Identification and validation of autophagy-related genes in exogenous sepsis-induced acute respiratory distress syndrome

Objective: To analyze the differential expression of autophagy-related genes of sepsis-induced acute respiratory distress syndrome (ARDS) as potential markers for early diagnosis. Methods: Male Sprague-Dawley rats (aged 8 weeks) were selected and randomly divided into sepsis-induced ARDS group (n = 6) and a normal control group (n = 6). Lung tissue samples were collected for highthroughput sequencing using Illumina HiSeq sequencing platform in the paired-end sequencing mode. Differentially expressed genes (DEGs) were screened by DESeq. 2 software [vertical bar log2FC vertical bar >= 1 and p < .05] and autophagyrelated genes were identified using Mouse Genome Informatics. Coexpressed autophagy-related DEGs from these two datasets were filtered by construction of a Venn diagram.

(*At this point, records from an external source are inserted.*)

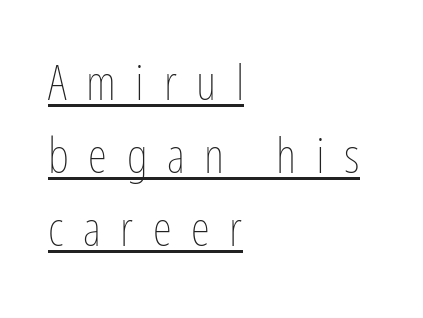
{"italic": "no", "bold": "no", "weight": "thin", "width": "condensed", "stroke_contrast": "low", "x_height": "medium", "monospaced": "no", "underline": "yes", "align": "left", "line_spacing": "normal", "line_spacing_ratio": 1.49, "letter_spacing": "wide", "letter_spacing_em": 0.4, "glyph_px": 49}
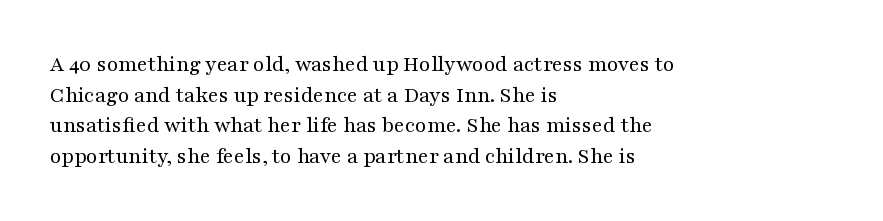
Q: Is the text bold? A: No.
Q: Is the text italic (slanted)? A: No, it is upright.
Q: Is the text underlined? A: No.
Q: How is the paragraph aligned? A: Left-aligned.
Q: Is the spacing between letters normal or unusually wide? A: Normal.
Q: Is the spacing between lines tight, normal or loose? A: Normal.
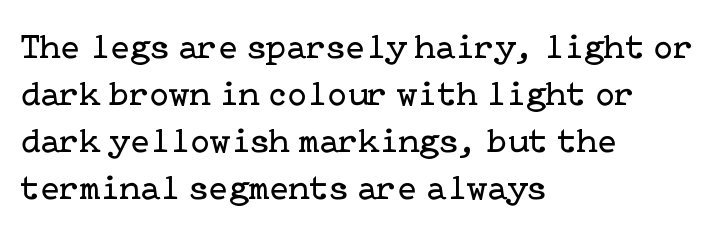
Q: Is the text bold? A: No.
Q: Is the text italic (slanted)? A: No, it is upright.
Q: Is the typeface a serif or a sans-serif typeface? A: Serif.
Q: Is the text underlined? A: No.
Q: How is the paragraph aligned? A: Left-aligned.
Q: Is the spacing between letters normal or unusually wide? A: Normal.
Q: Is the spacing between lines tight, normal or loose? A: Normal.
Q: Width (condensed, normal, or wide)? A: Normal.
Q: Stroke contrast? A: Low.
Q: x-height? A: Medium.
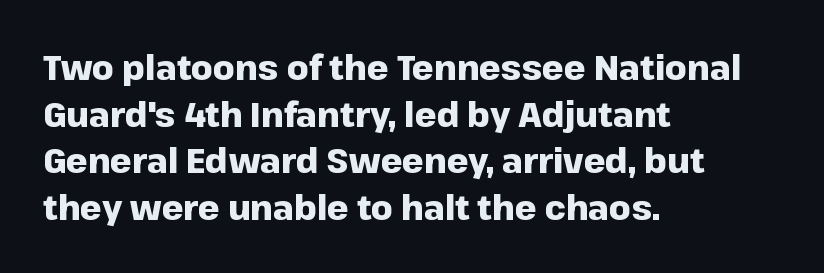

Gene ontology (GO) and Kyoto Encyclopedia of Genes and Genomes (KEGG) pathway enrichment analyses were performed on these autophagy-related DEGs and a protein interaction network was constructed using STRING and Cytoscape software to identify hub genes, which were verified by real-time quantitative polymerase chain reaction (qRT-PCR). Results: A total of 42 autophagy-related DEGs (26 upregulated genes and 16 downregulated genes) were identified. The GO and KEGG pathway analyses showed enrichment in 969 biological processes (BPs), three cellular components (CCs), eight molecular functions (MFs) and 27 signaling pathways. The protein interaction (PPI) network revealed 42 node proteins and 75 interacting edges, with an average node degree of 3.52, and an average local clustering coefficient of 0.509. Among the top 10 hub genes with the RNA-Seq, six hub genes (Stat3, II10, Ifng, Hmox1, Hif1a, and Nod2) were validated by qRT-PCR (all p < .05). Conclusion: 42 potential autophagy-related genes associated with sepsis-induced ARDS lung injury were identified and six hub genes (Stat3, II10, Ifng, Hmox1, Hif1a, and Nod2) may affect the development of ARDS by regulating autophagy. These results expanded our understanding of ARDS and might be useful in treatment of exogenous sepsis-induced ARDS.